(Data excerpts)
__________________________________________________
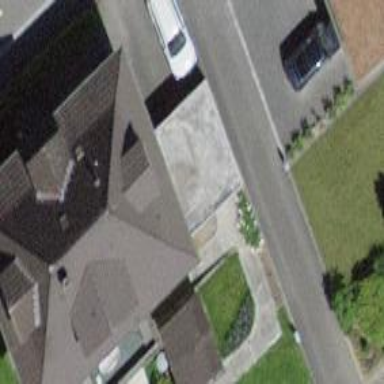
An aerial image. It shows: Building with hipped roof made of roof tiles.
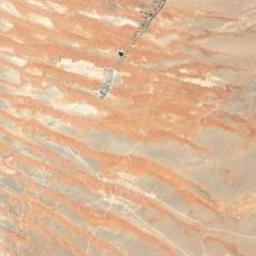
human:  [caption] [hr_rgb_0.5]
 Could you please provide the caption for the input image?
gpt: The light yellow desert with wavy stripes covers the gray bare land .

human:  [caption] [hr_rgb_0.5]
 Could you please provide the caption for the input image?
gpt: There is a little grain in this desert .

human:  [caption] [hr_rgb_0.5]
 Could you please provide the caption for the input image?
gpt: There are yellow desert with lines of bare land .

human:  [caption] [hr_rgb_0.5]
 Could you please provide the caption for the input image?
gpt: The desert has yellow sand and lots of orange transverse sand ridges .

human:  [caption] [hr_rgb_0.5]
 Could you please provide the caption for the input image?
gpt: A desert covered with sand and bare land .
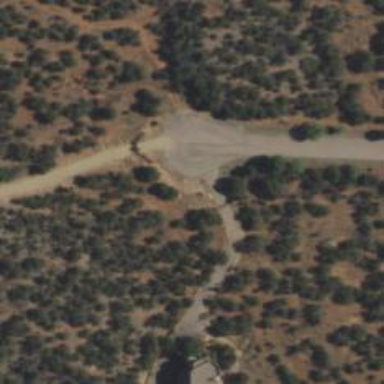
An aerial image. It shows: Driveway.
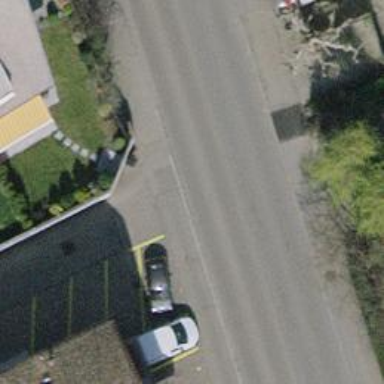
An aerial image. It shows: Bus stop equipped with public transport stop position.
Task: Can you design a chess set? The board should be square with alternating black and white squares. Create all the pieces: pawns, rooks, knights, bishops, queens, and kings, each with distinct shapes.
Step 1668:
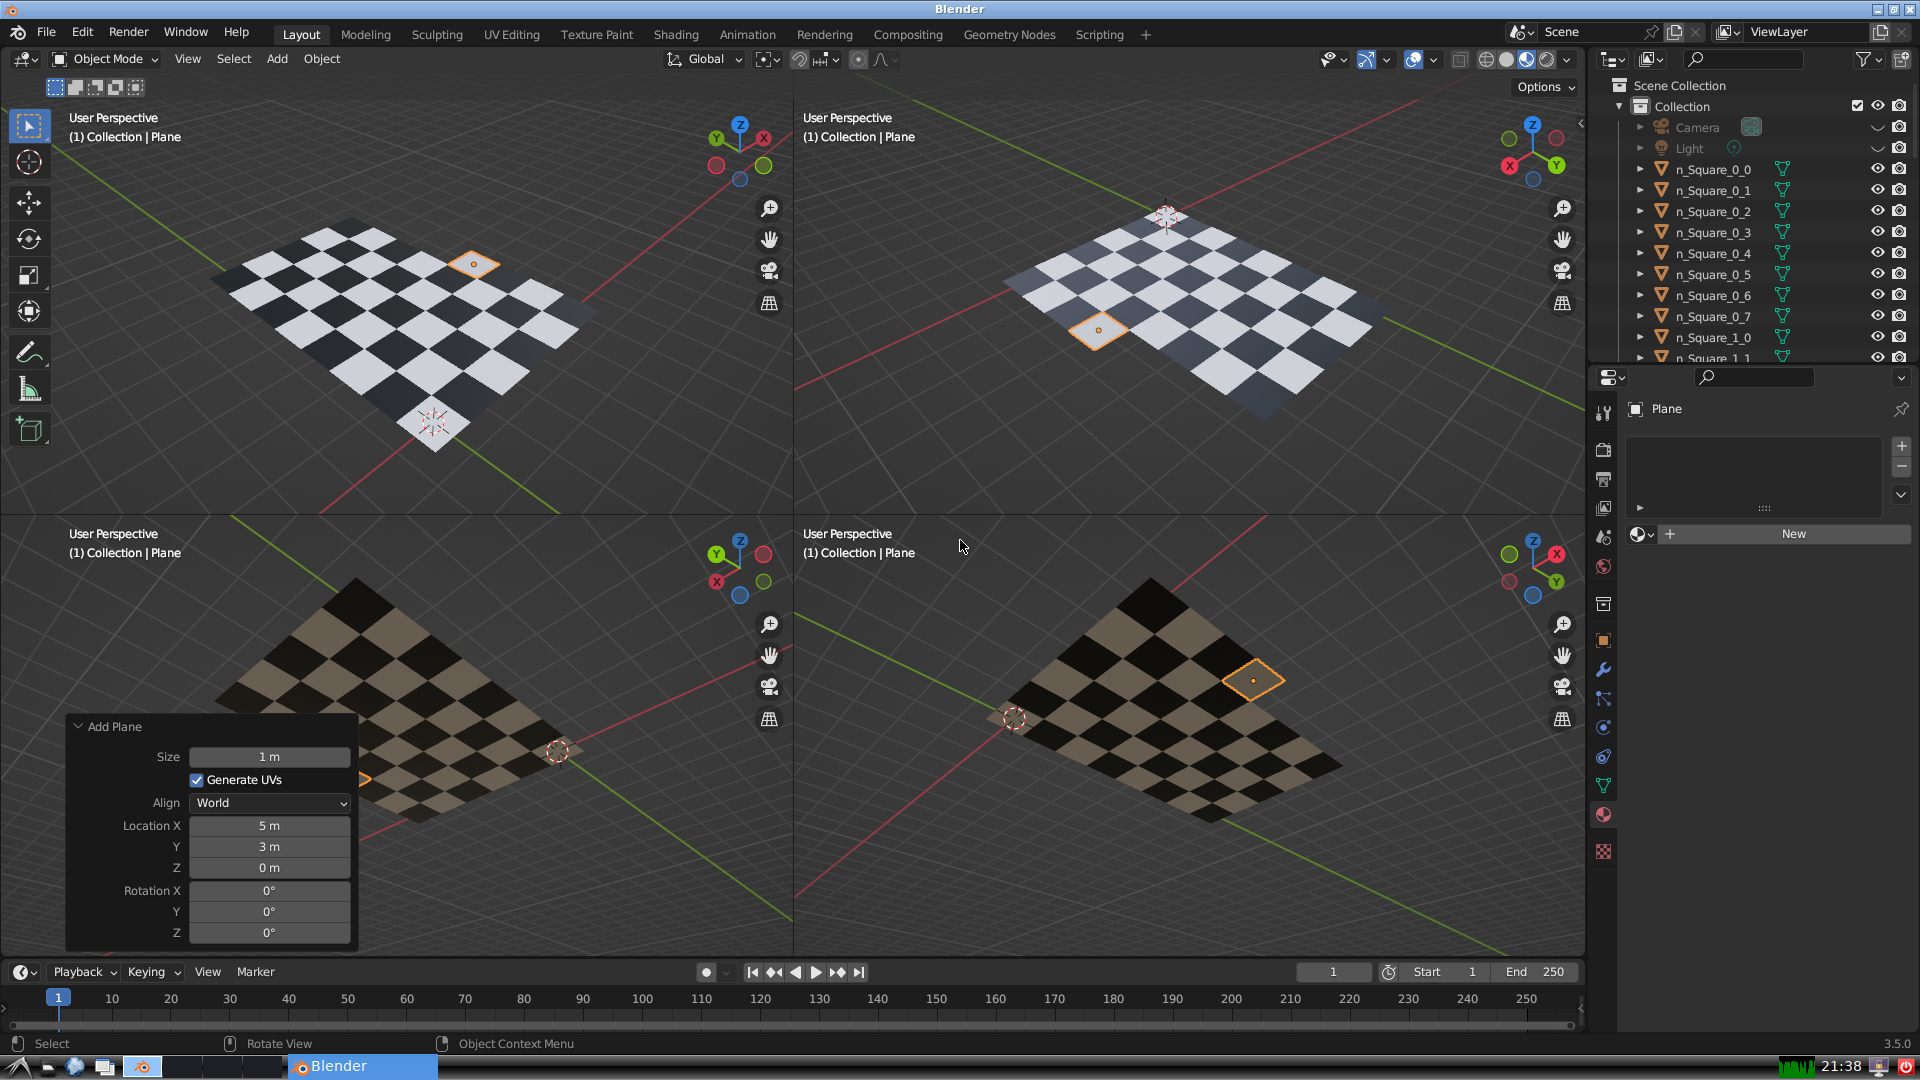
__________________________________________________
What the task asks
Output each record above word for word, leaving out images.

Written response
An aerial image. It shows: Building with hipped roof made of roof tiles.
human:  [caption] [hr_rgb_0.5]
 Could you please provide the caption for the input image?
gpt: The light yellow desert with wavy stripes covers the gray bare land .

human:  [caption] [hr_rgb_0.5]
 Could you please provide the caption for the input image?
gpt: There is a little grain in this desert .

human:  [caption] [hr_rgb_0.5]
 Could you please provide the caption for the input image?
gpt: There are yellow desert with lines of bare land .

human:  [caption] [hr_rgb_0.5]
 Could you please provide the caption for the input image?
gpt: The desert has yellow sand and lots of orange transverse sand ridges .

human:  [caption] [hr_rgb_0.5]
 Could you please provide the caption for the input image?
gpt: A desert covered with sand and bare land .
An aerial image. It shows: Driveway.
An aerial image. It shows: Bus stop equipped with public transport stop position.
Task: Can you design a chess set? The board should be square with alternating black and white squares. Create all the pieces: pawns, rooks, knights, bishops, queens, and kings, each with distinct shapes.
Step 1668:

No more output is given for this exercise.